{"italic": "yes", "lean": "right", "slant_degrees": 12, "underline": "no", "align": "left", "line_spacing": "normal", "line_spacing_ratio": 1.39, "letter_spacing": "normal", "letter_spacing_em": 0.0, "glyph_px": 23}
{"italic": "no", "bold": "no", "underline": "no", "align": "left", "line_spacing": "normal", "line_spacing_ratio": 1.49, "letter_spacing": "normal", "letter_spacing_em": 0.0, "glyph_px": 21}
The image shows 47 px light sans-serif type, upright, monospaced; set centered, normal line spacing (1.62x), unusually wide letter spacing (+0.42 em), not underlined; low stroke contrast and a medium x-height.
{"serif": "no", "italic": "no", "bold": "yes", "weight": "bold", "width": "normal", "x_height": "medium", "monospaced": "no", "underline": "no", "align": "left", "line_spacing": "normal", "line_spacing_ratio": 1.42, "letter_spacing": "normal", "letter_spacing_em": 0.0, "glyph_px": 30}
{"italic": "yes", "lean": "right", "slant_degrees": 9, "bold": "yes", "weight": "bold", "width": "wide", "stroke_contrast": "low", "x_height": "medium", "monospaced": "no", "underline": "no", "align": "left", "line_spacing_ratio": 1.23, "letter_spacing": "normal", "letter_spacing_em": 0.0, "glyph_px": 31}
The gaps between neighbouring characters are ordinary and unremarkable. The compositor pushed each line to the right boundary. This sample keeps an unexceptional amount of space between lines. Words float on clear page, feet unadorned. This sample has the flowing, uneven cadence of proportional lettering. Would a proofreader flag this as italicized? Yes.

### ACTION ITEM:
Only a number should come back: the count of lines above that include "medium".

### TASK ANSWER:
3